Exercise prompt -
Search the records below for the word "data". Copy each line where it occurs.

Given records -
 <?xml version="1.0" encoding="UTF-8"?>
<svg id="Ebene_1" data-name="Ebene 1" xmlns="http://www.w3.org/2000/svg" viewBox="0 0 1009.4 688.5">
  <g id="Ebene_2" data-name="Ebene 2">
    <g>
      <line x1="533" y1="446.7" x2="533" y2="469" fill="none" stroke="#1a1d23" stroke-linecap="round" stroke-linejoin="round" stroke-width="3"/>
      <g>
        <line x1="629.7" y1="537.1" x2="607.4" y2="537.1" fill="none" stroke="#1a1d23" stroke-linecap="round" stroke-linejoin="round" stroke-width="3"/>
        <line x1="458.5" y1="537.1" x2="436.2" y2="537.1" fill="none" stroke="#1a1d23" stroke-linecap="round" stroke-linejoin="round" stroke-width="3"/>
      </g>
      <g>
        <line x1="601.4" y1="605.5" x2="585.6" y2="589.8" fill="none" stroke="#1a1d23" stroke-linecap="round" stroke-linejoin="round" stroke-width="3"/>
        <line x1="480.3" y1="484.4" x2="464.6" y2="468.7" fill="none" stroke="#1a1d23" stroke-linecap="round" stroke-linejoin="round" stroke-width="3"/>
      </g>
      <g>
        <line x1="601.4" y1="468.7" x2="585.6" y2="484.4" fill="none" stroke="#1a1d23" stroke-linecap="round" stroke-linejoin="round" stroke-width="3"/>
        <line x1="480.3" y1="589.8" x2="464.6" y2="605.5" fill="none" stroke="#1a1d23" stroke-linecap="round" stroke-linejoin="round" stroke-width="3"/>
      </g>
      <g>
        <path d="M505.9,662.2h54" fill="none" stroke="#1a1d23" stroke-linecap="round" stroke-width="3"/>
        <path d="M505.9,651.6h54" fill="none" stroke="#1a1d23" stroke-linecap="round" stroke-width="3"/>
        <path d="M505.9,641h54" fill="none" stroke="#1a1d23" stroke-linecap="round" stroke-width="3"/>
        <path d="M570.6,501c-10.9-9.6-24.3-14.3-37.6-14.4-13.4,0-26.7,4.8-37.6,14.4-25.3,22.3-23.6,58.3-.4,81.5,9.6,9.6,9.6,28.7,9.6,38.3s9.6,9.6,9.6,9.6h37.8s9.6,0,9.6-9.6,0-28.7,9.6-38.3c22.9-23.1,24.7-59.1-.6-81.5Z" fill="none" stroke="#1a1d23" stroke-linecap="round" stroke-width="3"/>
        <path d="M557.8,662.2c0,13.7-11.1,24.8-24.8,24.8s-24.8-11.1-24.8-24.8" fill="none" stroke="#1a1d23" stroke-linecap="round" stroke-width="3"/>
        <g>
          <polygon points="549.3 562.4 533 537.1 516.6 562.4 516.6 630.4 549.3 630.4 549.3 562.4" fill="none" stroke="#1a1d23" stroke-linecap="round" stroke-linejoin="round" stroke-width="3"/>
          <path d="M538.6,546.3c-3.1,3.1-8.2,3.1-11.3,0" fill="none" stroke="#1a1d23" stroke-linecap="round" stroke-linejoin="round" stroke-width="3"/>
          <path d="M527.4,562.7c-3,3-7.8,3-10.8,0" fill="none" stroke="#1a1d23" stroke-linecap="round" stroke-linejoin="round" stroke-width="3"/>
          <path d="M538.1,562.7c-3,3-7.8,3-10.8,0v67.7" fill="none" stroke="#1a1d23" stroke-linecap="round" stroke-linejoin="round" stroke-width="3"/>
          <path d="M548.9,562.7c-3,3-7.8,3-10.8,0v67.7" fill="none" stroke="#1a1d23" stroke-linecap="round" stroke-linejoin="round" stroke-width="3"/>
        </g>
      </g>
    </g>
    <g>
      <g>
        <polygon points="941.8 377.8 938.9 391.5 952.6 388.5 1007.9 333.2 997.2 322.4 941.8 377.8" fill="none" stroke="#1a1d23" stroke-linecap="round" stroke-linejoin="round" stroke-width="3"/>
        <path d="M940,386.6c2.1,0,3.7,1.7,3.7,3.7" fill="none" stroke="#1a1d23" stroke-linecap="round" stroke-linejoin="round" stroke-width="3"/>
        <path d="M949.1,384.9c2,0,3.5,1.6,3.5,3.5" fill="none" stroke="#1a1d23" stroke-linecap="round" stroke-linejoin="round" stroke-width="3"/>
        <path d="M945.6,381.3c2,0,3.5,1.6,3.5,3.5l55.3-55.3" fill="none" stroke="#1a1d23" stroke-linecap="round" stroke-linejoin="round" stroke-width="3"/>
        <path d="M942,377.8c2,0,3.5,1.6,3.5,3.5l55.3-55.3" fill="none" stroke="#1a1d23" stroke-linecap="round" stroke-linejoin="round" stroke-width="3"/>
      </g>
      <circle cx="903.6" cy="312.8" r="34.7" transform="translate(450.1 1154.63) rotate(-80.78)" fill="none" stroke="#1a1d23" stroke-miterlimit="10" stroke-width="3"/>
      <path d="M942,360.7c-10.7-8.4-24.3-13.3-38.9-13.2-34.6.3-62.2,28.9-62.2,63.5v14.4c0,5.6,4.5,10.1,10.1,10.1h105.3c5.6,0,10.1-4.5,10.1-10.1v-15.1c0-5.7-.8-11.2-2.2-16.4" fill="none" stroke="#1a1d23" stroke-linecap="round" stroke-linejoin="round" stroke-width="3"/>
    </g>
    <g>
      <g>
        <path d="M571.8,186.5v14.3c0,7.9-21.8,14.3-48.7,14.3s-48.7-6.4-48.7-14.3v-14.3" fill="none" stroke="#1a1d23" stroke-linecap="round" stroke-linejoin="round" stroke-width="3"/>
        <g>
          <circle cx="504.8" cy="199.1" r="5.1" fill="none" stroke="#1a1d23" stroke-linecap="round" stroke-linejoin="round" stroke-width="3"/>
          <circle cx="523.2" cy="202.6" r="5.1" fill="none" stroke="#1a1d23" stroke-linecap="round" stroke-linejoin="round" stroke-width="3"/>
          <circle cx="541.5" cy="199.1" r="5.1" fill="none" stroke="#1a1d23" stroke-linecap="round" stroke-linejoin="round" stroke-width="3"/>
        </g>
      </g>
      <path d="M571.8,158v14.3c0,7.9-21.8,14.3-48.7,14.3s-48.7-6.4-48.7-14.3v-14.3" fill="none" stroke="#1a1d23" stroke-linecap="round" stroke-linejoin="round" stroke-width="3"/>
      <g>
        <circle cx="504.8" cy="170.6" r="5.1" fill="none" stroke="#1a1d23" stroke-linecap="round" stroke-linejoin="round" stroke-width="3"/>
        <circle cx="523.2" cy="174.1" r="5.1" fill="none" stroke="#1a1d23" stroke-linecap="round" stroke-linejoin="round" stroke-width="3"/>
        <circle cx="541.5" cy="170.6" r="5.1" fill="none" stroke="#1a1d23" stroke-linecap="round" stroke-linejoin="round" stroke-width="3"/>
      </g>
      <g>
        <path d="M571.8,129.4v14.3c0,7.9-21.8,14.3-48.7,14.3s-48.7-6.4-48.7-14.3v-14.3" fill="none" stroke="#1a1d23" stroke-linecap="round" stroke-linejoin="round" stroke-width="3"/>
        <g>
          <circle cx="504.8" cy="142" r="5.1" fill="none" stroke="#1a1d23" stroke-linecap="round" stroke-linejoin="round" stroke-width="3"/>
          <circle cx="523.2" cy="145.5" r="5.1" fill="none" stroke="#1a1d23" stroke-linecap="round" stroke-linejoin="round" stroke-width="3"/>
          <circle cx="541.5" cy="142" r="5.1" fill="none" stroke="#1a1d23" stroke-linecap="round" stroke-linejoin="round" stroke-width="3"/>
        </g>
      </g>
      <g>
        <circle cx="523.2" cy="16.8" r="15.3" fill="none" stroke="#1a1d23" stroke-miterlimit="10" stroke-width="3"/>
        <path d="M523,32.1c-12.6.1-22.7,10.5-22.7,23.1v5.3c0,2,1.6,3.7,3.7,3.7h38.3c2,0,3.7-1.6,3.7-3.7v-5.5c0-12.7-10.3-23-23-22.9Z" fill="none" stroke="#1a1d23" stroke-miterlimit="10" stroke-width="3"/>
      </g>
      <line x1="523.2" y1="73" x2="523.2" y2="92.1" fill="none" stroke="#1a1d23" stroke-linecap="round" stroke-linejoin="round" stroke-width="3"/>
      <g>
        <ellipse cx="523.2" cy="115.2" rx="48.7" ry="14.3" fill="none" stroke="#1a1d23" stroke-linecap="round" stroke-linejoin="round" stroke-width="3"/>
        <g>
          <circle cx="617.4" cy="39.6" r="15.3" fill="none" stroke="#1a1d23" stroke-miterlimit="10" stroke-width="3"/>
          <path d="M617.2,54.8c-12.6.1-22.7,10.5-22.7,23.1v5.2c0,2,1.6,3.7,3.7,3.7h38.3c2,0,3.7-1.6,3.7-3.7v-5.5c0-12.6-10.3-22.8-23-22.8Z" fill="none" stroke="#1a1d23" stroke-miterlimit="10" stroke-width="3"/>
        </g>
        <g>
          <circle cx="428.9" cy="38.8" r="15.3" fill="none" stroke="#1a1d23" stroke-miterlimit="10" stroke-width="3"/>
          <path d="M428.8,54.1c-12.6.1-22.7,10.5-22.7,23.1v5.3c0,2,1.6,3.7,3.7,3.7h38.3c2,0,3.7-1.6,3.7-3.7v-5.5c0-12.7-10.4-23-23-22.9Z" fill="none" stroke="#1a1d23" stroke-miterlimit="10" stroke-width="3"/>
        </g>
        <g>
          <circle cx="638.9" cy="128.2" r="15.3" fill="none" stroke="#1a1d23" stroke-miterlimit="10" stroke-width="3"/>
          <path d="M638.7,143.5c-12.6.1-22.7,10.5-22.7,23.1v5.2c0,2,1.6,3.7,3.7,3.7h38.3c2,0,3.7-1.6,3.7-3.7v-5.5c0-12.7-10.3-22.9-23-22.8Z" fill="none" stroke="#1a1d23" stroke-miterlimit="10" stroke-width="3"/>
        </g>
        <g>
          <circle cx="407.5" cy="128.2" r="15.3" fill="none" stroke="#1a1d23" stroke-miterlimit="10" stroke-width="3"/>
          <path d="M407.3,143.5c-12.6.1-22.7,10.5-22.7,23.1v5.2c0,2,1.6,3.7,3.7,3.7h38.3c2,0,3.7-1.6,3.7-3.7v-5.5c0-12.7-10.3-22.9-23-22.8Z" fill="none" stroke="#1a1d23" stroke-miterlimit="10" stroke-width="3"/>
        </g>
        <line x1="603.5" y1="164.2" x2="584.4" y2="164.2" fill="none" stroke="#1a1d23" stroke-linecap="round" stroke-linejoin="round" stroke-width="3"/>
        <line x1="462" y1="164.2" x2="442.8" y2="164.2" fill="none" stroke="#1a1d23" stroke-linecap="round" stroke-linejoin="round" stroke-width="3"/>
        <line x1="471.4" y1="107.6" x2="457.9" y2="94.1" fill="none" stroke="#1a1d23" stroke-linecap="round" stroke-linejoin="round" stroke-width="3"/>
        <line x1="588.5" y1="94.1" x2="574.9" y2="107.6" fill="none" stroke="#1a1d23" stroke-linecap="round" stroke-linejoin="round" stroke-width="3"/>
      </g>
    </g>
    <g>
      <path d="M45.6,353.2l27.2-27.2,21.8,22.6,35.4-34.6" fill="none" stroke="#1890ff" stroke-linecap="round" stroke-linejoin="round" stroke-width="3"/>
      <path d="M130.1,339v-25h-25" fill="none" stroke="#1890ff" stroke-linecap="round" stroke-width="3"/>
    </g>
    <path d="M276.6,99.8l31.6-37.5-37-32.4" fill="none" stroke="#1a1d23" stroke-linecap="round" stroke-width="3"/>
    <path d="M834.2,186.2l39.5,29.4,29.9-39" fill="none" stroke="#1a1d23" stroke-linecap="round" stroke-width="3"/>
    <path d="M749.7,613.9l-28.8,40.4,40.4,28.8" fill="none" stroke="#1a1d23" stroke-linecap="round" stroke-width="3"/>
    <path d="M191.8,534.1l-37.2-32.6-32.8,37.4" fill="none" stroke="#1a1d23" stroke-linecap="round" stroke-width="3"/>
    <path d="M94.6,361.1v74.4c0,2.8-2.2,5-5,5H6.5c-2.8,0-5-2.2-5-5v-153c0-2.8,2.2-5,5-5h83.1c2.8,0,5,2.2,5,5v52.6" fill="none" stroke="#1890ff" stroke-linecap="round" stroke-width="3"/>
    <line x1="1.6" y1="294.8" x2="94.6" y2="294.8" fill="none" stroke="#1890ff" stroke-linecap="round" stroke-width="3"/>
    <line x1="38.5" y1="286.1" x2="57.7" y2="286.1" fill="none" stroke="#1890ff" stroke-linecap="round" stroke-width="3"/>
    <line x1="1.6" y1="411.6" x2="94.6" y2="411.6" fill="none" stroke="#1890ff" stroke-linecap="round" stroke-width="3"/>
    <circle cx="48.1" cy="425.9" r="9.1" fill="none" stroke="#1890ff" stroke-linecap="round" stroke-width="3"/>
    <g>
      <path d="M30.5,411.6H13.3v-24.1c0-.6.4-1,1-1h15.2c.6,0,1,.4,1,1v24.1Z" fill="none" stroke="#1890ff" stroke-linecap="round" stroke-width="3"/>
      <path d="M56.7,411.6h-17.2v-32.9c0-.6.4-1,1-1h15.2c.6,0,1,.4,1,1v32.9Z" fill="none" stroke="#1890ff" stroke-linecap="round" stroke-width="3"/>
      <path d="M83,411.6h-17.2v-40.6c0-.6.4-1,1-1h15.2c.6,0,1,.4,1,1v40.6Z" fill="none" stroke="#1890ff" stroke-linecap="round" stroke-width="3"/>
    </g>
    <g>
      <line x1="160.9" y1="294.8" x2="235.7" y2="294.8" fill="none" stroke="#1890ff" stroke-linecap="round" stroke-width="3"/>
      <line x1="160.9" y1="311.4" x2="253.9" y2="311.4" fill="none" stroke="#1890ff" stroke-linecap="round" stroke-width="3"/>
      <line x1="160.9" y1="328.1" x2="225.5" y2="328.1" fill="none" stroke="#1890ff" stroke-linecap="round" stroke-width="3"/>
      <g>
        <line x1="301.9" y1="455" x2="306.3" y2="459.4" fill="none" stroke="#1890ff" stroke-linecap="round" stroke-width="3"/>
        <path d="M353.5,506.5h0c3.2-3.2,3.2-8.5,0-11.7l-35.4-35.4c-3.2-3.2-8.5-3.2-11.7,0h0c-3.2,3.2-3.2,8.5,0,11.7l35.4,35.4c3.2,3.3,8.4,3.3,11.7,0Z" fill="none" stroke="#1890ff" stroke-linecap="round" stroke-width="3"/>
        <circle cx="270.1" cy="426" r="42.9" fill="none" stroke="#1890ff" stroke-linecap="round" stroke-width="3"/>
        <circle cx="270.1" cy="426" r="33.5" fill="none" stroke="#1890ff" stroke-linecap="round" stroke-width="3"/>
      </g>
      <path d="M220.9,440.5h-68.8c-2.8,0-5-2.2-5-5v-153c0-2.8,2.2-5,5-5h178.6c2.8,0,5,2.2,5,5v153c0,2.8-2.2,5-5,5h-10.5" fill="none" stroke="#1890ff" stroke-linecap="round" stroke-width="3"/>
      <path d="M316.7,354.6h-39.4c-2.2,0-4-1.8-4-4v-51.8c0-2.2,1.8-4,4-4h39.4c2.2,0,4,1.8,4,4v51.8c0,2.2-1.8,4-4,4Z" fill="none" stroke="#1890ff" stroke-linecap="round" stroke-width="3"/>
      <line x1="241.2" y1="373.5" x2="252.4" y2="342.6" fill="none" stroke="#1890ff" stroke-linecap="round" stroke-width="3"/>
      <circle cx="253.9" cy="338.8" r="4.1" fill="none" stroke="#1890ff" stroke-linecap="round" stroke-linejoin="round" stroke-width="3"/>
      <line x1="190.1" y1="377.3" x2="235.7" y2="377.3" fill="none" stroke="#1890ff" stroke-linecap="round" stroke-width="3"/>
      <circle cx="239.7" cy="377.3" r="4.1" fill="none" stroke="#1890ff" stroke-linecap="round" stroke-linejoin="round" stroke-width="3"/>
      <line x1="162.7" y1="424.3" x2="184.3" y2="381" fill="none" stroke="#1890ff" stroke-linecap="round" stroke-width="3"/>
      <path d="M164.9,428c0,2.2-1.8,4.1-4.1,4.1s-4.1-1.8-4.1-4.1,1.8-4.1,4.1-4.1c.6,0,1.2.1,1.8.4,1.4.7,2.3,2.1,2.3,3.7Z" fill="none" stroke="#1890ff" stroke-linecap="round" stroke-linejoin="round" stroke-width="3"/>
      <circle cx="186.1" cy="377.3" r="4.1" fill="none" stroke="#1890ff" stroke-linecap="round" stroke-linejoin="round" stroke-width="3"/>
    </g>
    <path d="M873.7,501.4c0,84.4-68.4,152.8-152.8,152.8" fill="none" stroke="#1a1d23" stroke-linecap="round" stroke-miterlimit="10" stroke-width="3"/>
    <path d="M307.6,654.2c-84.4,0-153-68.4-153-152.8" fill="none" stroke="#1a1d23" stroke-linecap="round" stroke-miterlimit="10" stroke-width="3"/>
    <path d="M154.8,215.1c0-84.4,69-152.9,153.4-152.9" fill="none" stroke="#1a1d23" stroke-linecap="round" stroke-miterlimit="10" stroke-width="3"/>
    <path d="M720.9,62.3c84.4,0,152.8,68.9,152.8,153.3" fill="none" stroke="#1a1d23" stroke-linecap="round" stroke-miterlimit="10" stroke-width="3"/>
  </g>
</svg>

Task response -
<svg id="Ebene_1" data-name="Ebene 1" xmlns="http://www.w3.org/2000/svg" viewBox="0 0 1009.4 688.5">
  <g id="Ebene_2" data-name="Ebene 2">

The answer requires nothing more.